I was wondering if anyone had any suggestions on what I can do to improve the running speed of my code. I wrote a Sieve of Atkin
function that returns a vector including all primes from [2, max]
inclusive.
Here is my code.
void atkin_sieve (unsigned int max, std::vector <unsigned int> & primes) {
// Sieve array up to max defaulted to false
// Index's [0, max] correspond to numbers
// Dynamic memory so all values default false
bool* sieve = new bool [max + 1];
// Square root of max number
unsigned int sqrt_max = int (sqrt (max));
// Unsigned integers declared to save time
unsigned int n, x, y;
// TODO - Explain this
for (x = 1; x < sqrt_max; x++) {
for (y = 1; y < sqrt_max; y++) {
n = (4 * x * x) + (y * y);
if (n <= max && (n % 12 == 1 || n % 12 == 5))
sieve [n] = !sieve [n];
n = (3 * x * x) + (y * y);
if (n <= max && (n % 12 == 7))
sieve [n] = !sieve [n];
n = (3 * x * x) - (y * y);
if (x > y && n <= max && (n % 12 == 11))
sieve [n] = !sieve [n];
}
}
// TODO - Explain this
for (x = 5; x < sqrt_max; x++) {
if (sieve [x]) {
n = x * x;
for (y = n; y <= max; y += n)
sieve [y] = false;
}
}
// Push primes 2, 3, and 5
primes.push_back(2);
primes.push_back(3);
primes.push_back(5);
// Start from prime 7, skip even numbers
for (x = 7; x <= max; x += 2) {
// If the number is prime
if (sieve [x])
// Push it into the vector
primes.push_back(x);
}
// Delete the sieve array
delete [] sieve;
}
I have a few questions about what I might be able to do better in order to optimize this function.
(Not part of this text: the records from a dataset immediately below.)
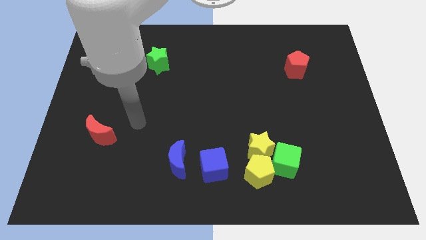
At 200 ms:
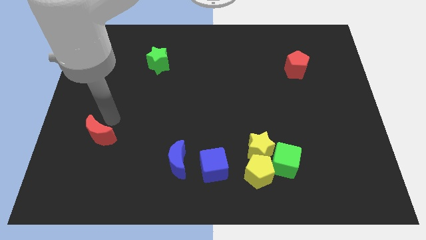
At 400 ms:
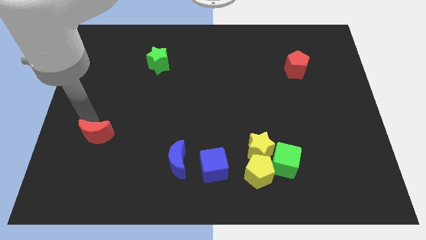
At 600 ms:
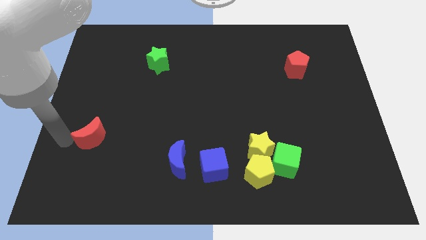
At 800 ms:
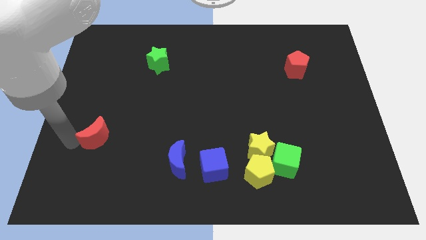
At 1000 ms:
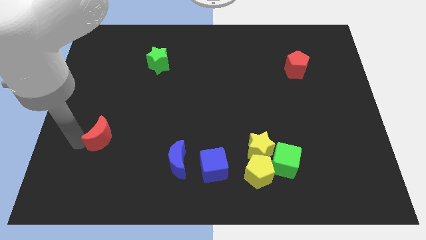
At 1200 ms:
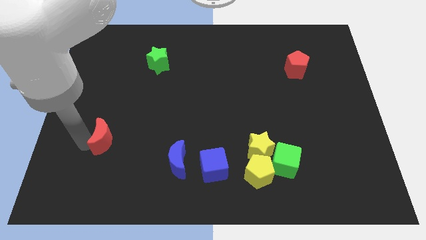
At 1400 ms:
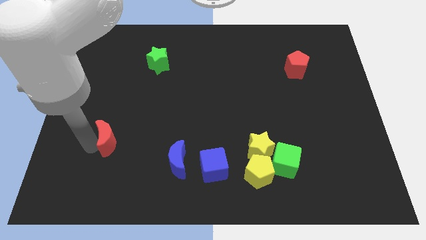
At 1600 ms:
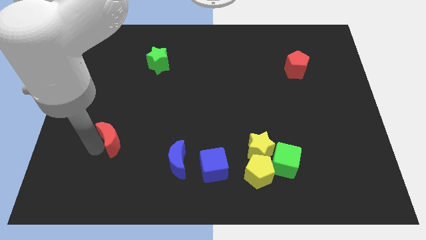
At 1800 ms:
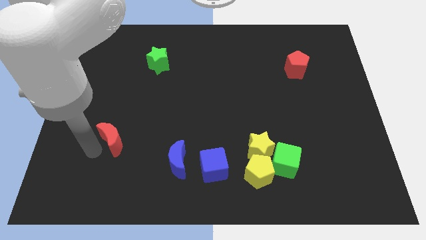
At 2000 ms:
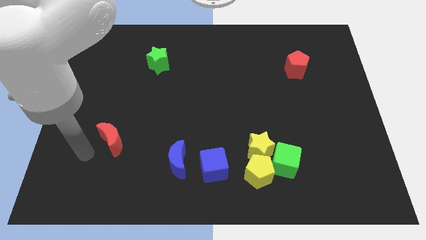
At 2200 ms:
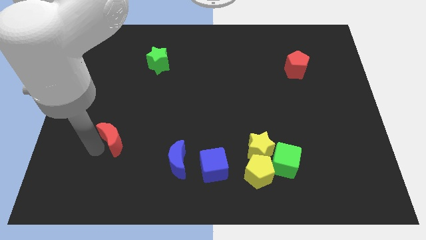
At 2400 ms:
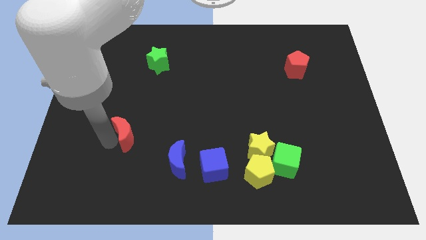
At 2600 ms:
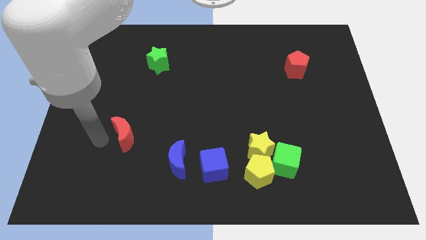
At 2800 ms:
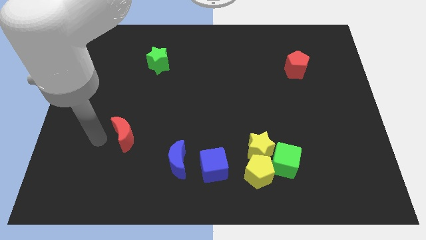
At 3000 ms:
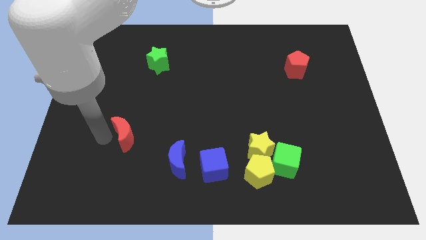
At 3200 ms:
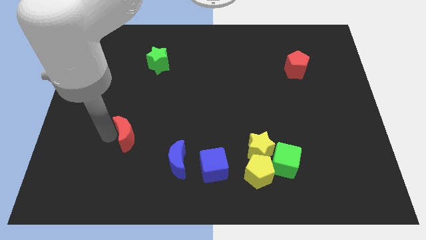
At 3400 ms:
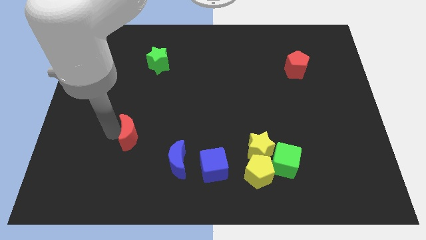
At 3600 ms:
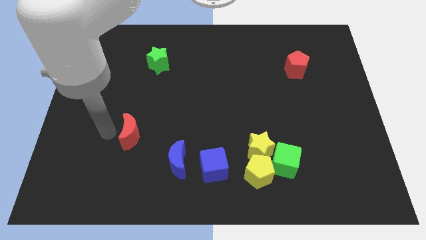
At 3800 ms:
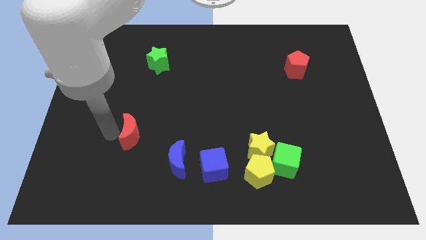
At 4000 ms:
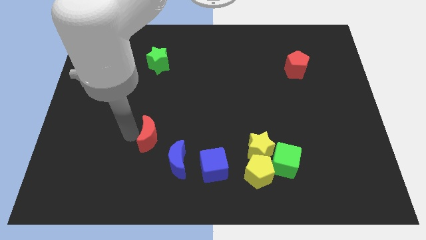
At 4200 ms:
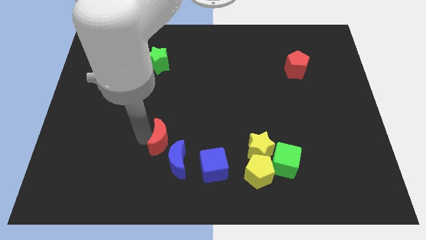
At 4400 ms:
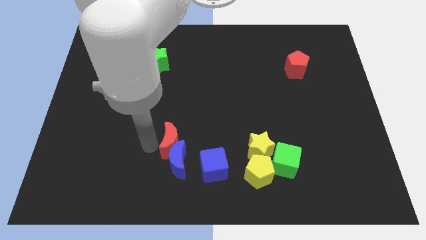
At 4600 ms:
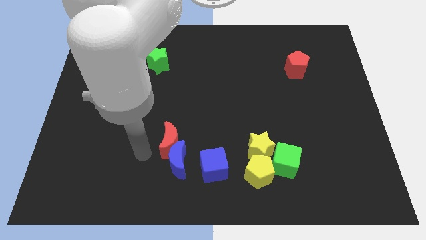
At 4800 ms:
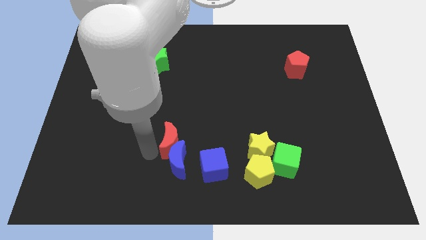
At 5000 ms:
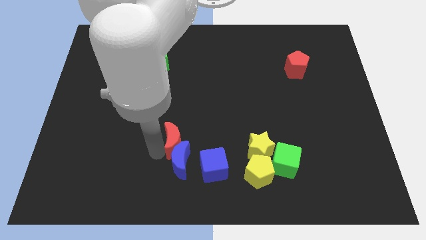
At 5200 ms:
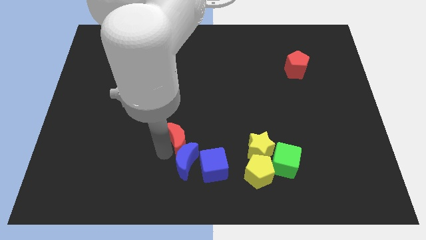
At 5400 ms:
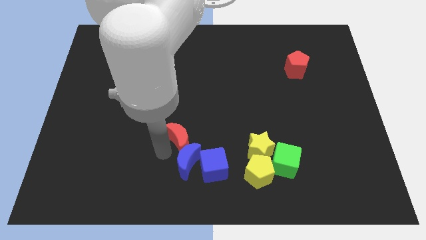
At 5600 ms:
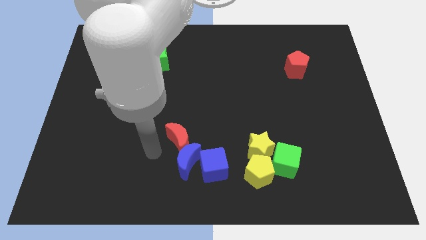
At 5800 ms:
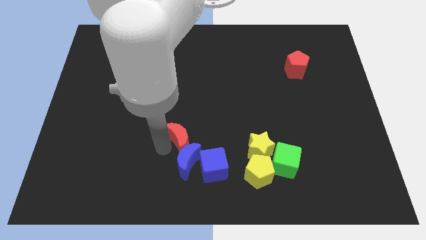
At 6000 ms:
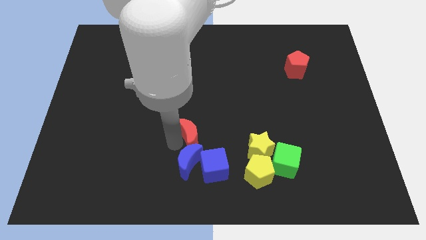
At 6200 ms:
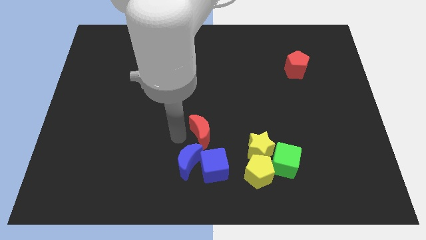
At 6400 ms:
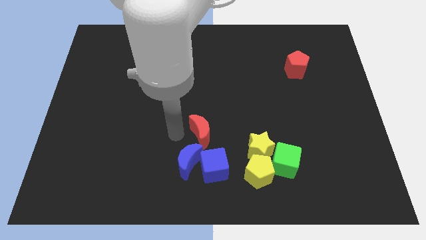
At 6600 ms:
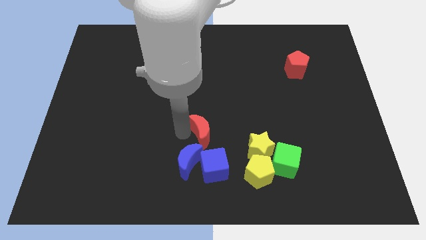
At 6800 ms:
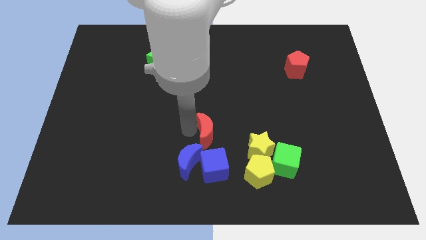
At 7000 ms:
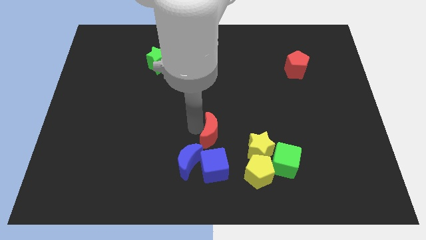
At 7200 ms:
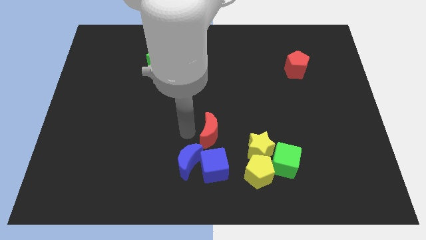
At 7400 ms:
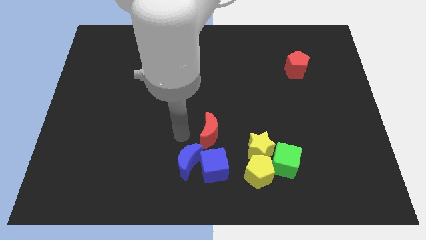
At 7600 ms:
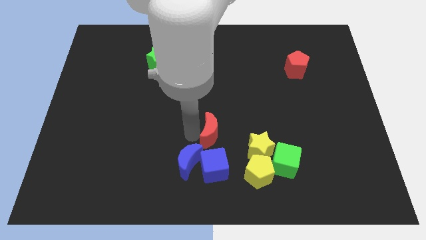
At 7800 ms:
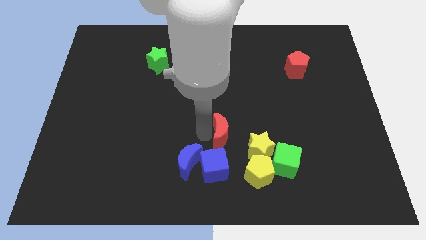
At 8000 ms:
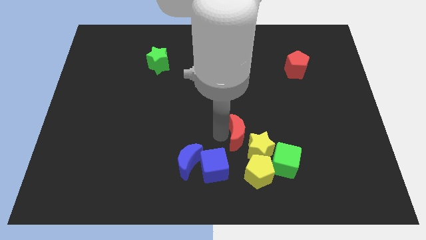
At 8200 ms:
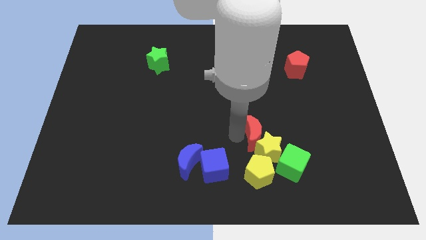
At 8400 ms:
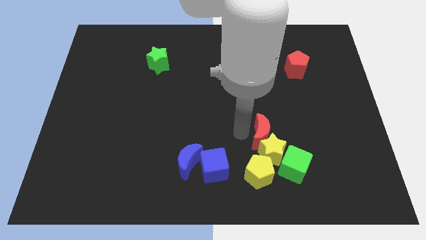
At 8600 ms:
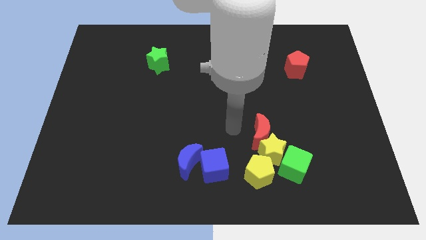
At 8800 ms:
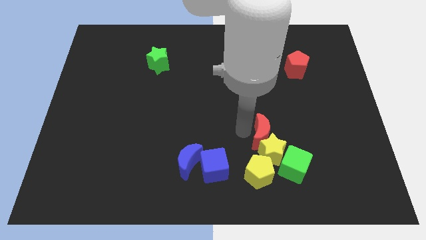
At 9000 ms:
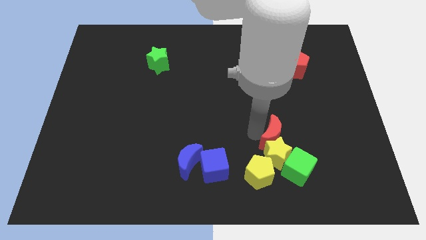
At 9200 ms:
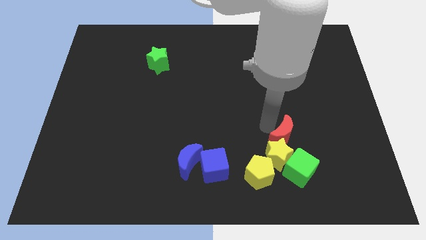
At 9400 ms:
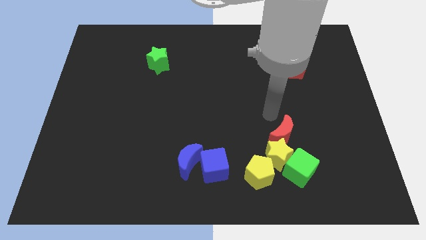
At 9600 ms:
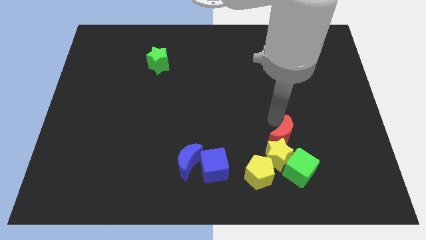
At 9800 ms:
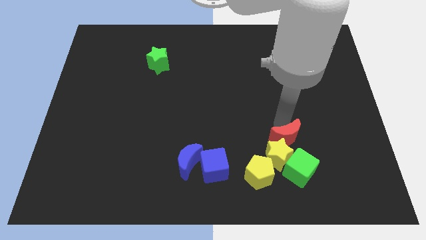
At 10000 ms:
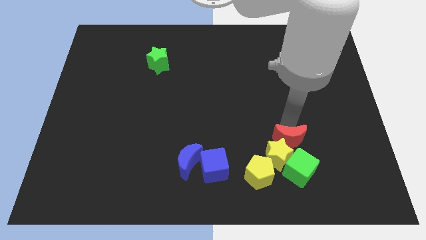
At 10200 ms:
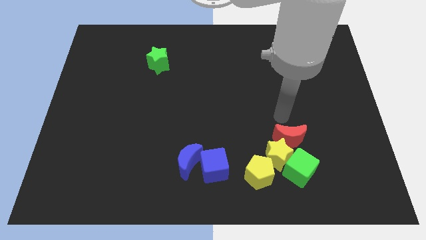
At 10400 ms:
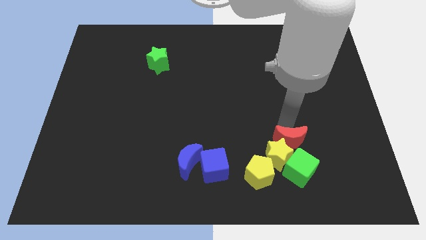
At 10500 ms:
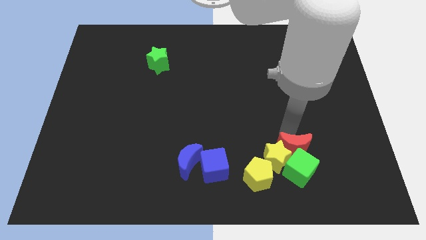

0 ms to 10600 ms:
push the red moon to the green cube

I initialized the sieve array as a dynamic array of booleans so that they would all default to false, is it faster to have the sieve be dynamic like this or should I keep it as a normal array?
I am storing the primes in a vector using a for loop after the algorithm has processed, is there a faster way that i can find all the primes in the sieve to store them in the vector?
Any other tips, tricks, hints, or code is welcome and very much appreciated, thank you.
As the the other answer has suggested, profiling is the best way to work out where the time is going.
Some suggestions and comments, some of which are probably obvious
I don't believe you actually have a guarantee of zero initialisation on your allocation of sieve; to do so you'd need to use
bool *sieve = new bool[max+1]();
. If you find things are working correctly then you're either being lucky here or the running under a compiler that zero-initialises debug builds. If that's the case, try a release build with optimisations enabled and you'll see some speed up.Your
bool[]
is most likely not going to be using up 1 bit per element, but probably a byte. You might find using astd::vector<bool>
more efficient as it's typically specialised to store the booleans densely - 1 bit per bool. You'd be trading off a reduced memory footprint vs. increased complexity of reading/writing an individual boolean.Try pre-sizing the primes array to
max / log(max)
, with appropriate input validation, as an approximation to the number of primes less than max.If the function is being called repeatedly in your application, try reusing previous sieve arrays to answer subsequent calls.